● **EXERCISE REQUIREMENTS**: Please return every line of the records below that contains the word "transform".

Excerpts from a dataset
|---|

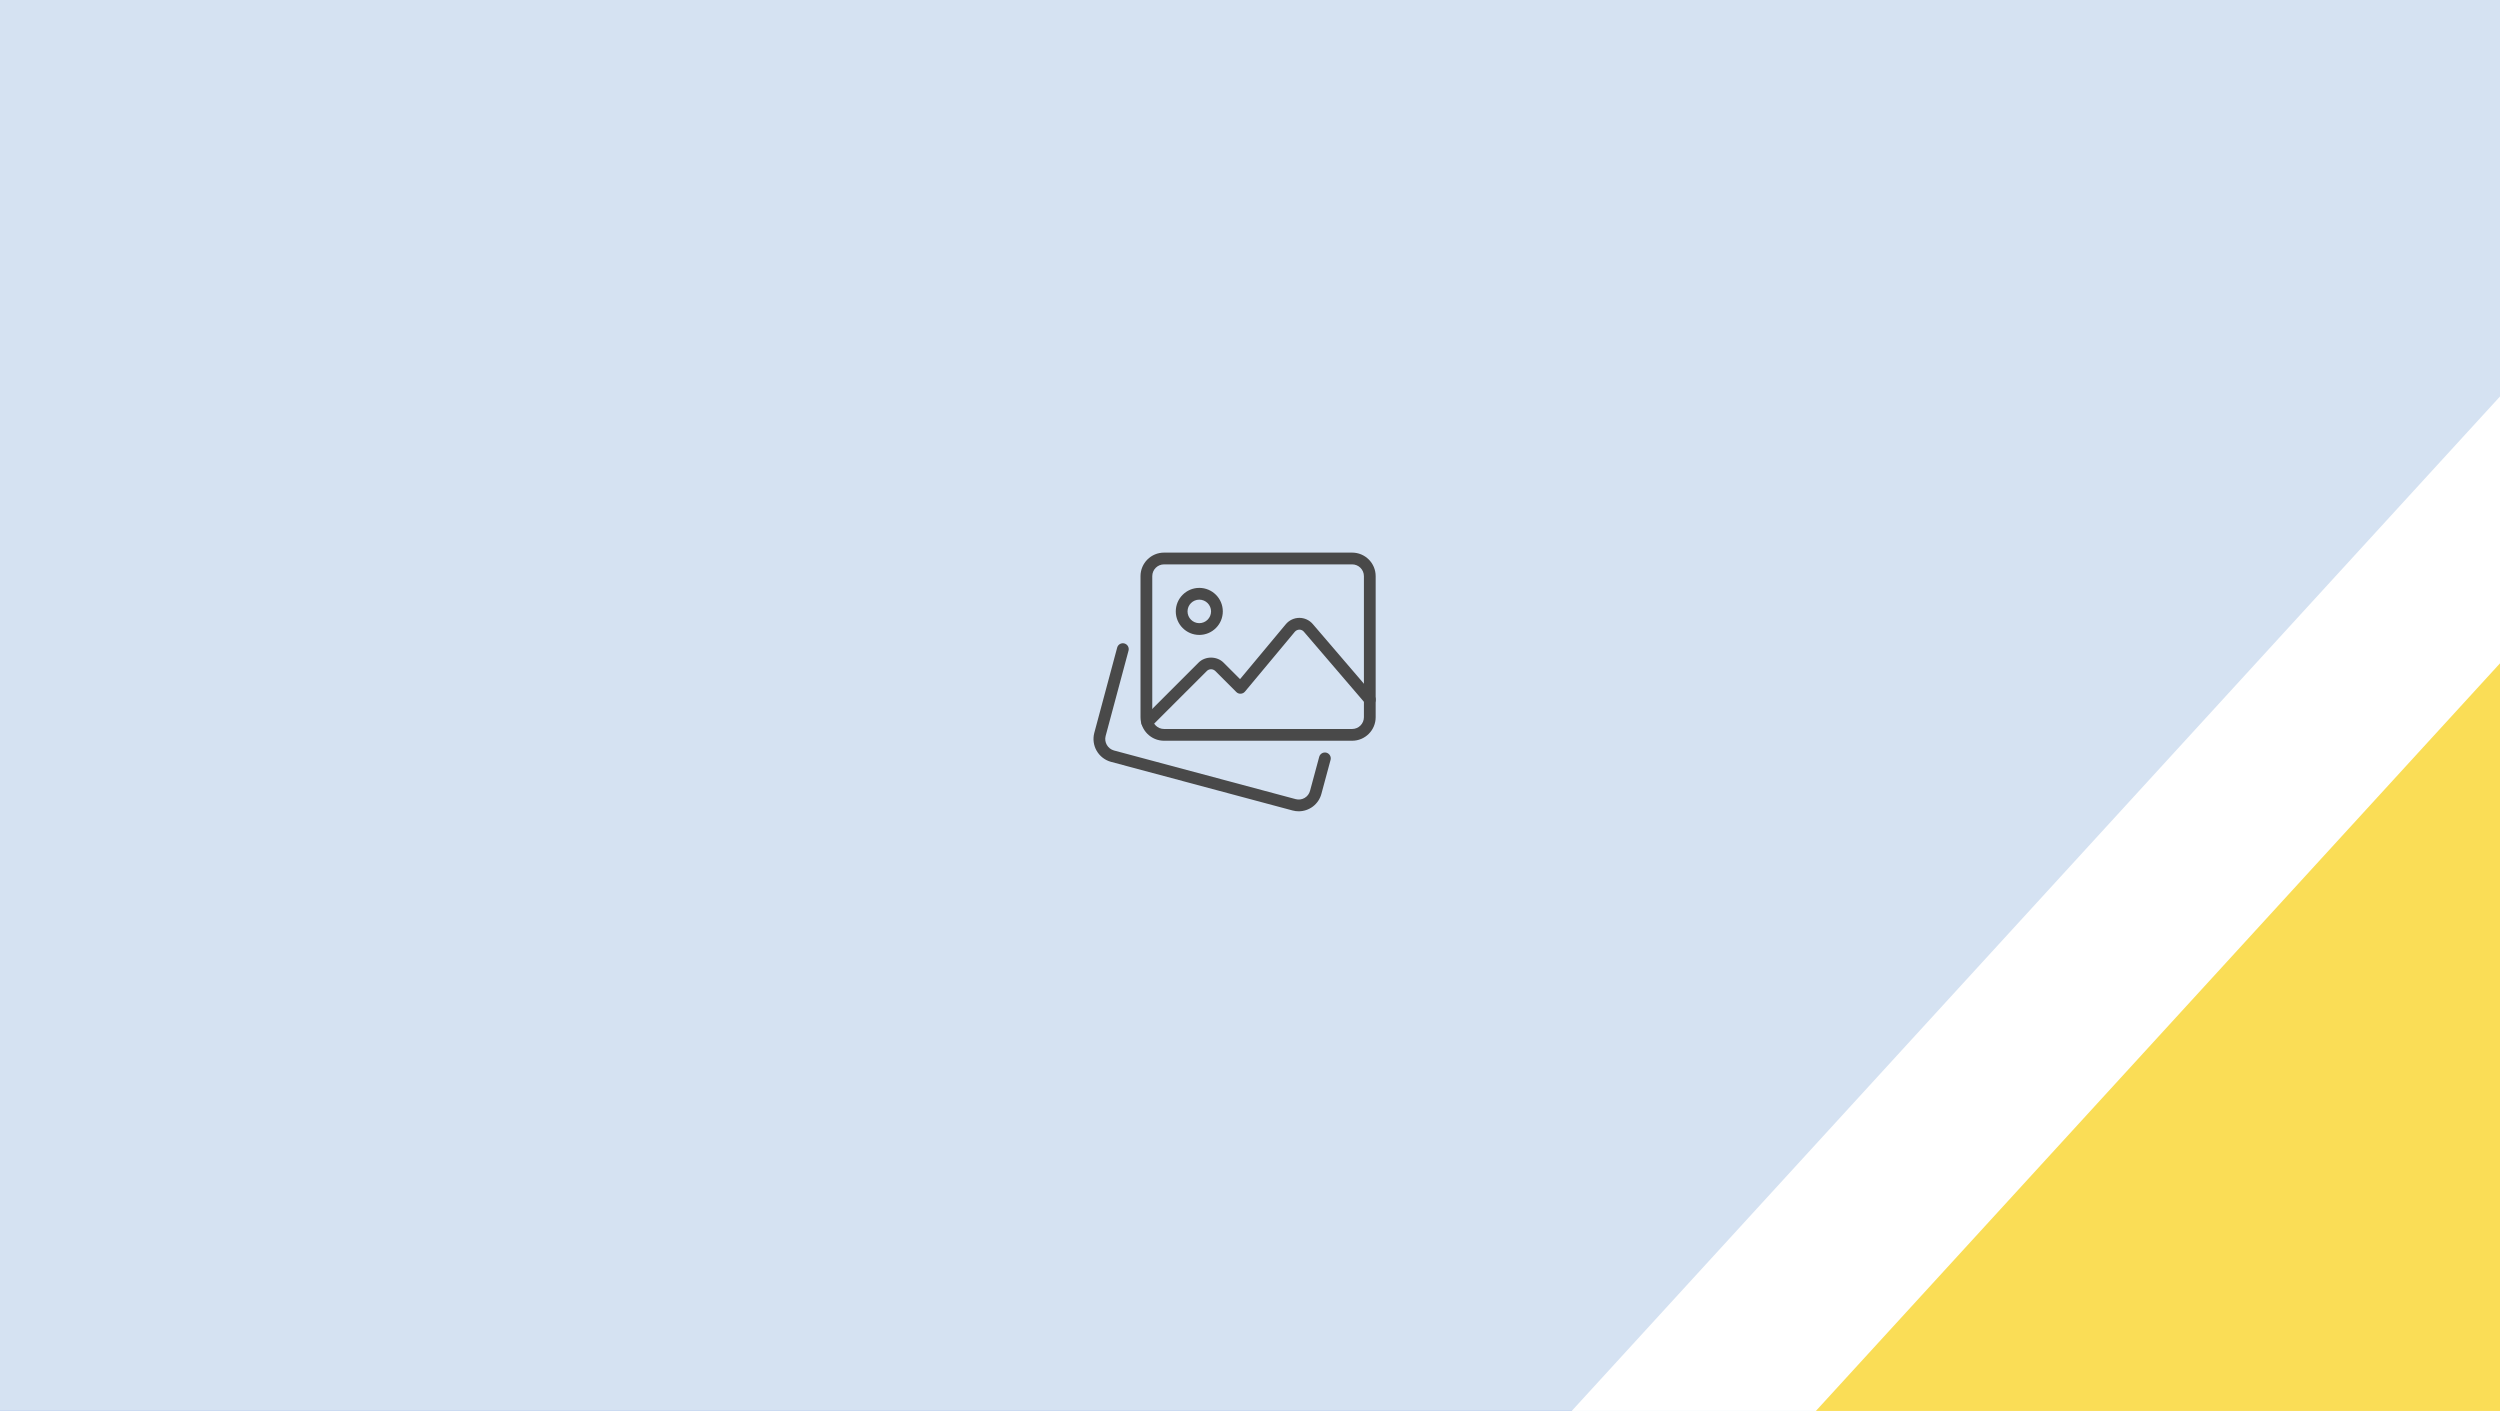 <svg width="567" height="320" viewBox="0 0 567 320" fill="none" xmlns="http://www.w3.org/2000/svg">
<rect x="0" y="0" width="567" height="320" fill="#333333" stroke="none"/>
<g clip-path="url(#clip0_2391_23029)">
<rect width="567" height="320" fill="#336FEE"/>
<g clip-path="url(#clip1_2391_23029)">
<rect x="-549.635" y="550.118" width="1624.09" height="575.158" transform="rotate(-47.537 -549.635 550.118)" fill="#D5E2F2"/>
<rect x="313.283" y="367.194" width="569.241" height="331.068" transform="rotate(-47.54 313.283 367.194)" fill="white"/>
<rect x="362.828" y="373.567" width="467.901" height="272.129" transform="rotate(-47.54 362.828 373.567)" fill="#FADD56"/>
<g clip-path="url(#clip2_2391_23029)">
<path d="M294.543 184C294.095 184 293.636 183.944 293.183 183.824L251.948 172.781C250.589 172.404 249.432 171.508 248.726 170.286C248.021 169.064 247.824 167.614 248.177 166.248L253.38 146.856C253.476 146.52 253.7 146.235 254.004 146.062C254.309 145.889 254.668 145.843 255.006 145.934C255.344 146.024 255.633 146.243 255.811 146.544C255.989 146.846 256.041 147.205 255.956 147.544L250.756 166.931C250.385 168.344 251.233 169.816 252.649 170.208L293.868 181.245C294.547 181.426 295.271 181.33 295.879 180.978C296.488 180.626 296.932 180.047 297.113 179.368L299.196 171.651C299.242 171.482 299.32 171.323 299.427 171.184C299.534 171.045 299.667 170.929 299.818 170.842C299.97 170.754 300.138 170.698 300.311 170.675C300.485 170.652 300.662 170.664 300.831 170.709C301 170.755 301.158 170.833 301.297 170.94C301.436 171.047 301.553 171.18 301.64 171.332C301.727 171.484 301.784 171.651 301.807 171.825C301.829 171.999 301.818 172.175 301.772 172.344L299.692 180.051C299.389 181.185 298.72 182.186 297.788 182.9C296.857 183.615 295.716 184.001 294.543 184Z" fill="#494949"/>
<path d="M306.668 168H264.001C261.06 168 258.668 165.608 258.668 162.667V130.667C258.668 127.725 261.06 125.333 264.001 125.333H306.668C309.609 125.333 312.001 127.725 312.001 130.667V162.667C312.001 165.608 309.609 168 306.668 168ZM264.001 128C262.532 128 261.335 129.197 261.335 130.667V162.667C261.335 164.136 262.532 165.333 264.001 165.333H306.668C308.137 165.333 309.335 164.136 309.335 162.667V130.667C309.335 129.197 308.137 128 306.668 128H264.001Z" fill="#494949"/>
<path d="M272 144C269.059 144 266.667 141.608 266.667 138.667C266.667 135.725 269.059 133.333 272 133.333C274.941 133.333 277.333 135.725 277.333 138.667C277.333 141.608 274.941 144 272 144ZM272 136C270.531 136 269.333 137.197 269.333 138.667C269.333 140.136 270.531 141.333 272 141.333C273.469 141.333 274.667 140.136 274.667 138.667C274.667 137.197 273.469 136 272 136ZM260.187 165.147C259.923 165.147 259.665 165.069 259.446 164.922C259.227 164.776 259.056 164.568 258.955 164.325C258.854 164.081 258.828 163.813 258.879 163.555C258.93 163.296 259.057 163.059 259.243 162.872L271.837 150.277C273.347 148.768 275.984 148.768 277.493 150.277L281.243 154.027L291.621 141.573C291.994 141.127 292.459 140.766 292.985 140.518C293.511 140.269 294.085 140.138 294.667 140.133H294.696C295.273 140.133 295.843 140.258 296.367 140.498C296.891 140.739 297.357 141.09 297.733 141.528L311.68 157.8C311.796 157.933 311.885 158.087 311.941 158.254C311.997 158.421 312.02 158.598 312.007 158.774C311.995 158.95 311.948 159.121 311.868 159.279C311.789 159.436 311.679 159.576 311.545 159.691C311.412 159.806 311.256 159.893 311.089 159.947C310.921 160.002 310.744 160.022 310.568 160.008C310.393 159.994 310.221 159.944 310.065 159.863C309.908 159.782 309.769 159.671 309.656 159.536L295.709 143.264C295.584 143.118 295.429 143 295.254 142.92C295.079 142.84 294.888 142.799 294.696 142.8C294.501 142.805 294.31 142.851 294.134 142.933C293.958 143.016 293.8 143.134 293.672 143.28L282.357 156.856C282.239 156.999 282.091 157.115 281.925 157.197C281.759 157.279 281.577 157.326 281.392 157.333C281.207 157.345 281.021 157.316 280.848 157.249C280.675 157.182 280.518 157.078 280.389 156.944L275.608 152.163C275.353 151.922 275.016 151.787 274.665 151.787C274.315 151.787 273.977 151.922 273.723 152.163L261.128 164.757C261.004 164.881 260.858 164.979 260.696 165.046C260.535 165.113 260.361 165.147 260.187 165.147Z" fill="#494949"/>
</g>
</g>
</g>
<defs>
<clipPath id="clip0_2391_23029">
<rect width="567" height="320" fill="white"/>
</clipPath>
<clipPath id="clip1_2391_23029">
<rect width="819.978" height="522.718" fill="white" transform="translate(-245 -202.473)"/>
</clipPath>
<clipPath id="clip2_2391_23029">
<rect width="64" height="64" fill="white" transform="translate(248 120)"/>
</clipPath>
</defs>
</svg>

|---|

● **SOLVED PROBLEM**:
<rect x="-549.635" y="550.118" width="1624.09" height="575.158" transform="rotate(-47.537 -549.635 550.118)" fill="#D5E2F2"/>
<rect x="313.283" y="367.194" width="569.241" height="331.068" transform="rotate(-47.54 313.283 367.194)" fill="white"/>
<rect x="362.828" y="373.567" width="467.901" height="272.129" transform="rotate(-47.54 362.828 373.567)" fill="#FADD56"/>
<rect width="819.978" height="522.718" fill="white" transform="translate(-245 -202.473)"/>
<rect width="64" height="64" fill="white" transform="translate(248 120)"/>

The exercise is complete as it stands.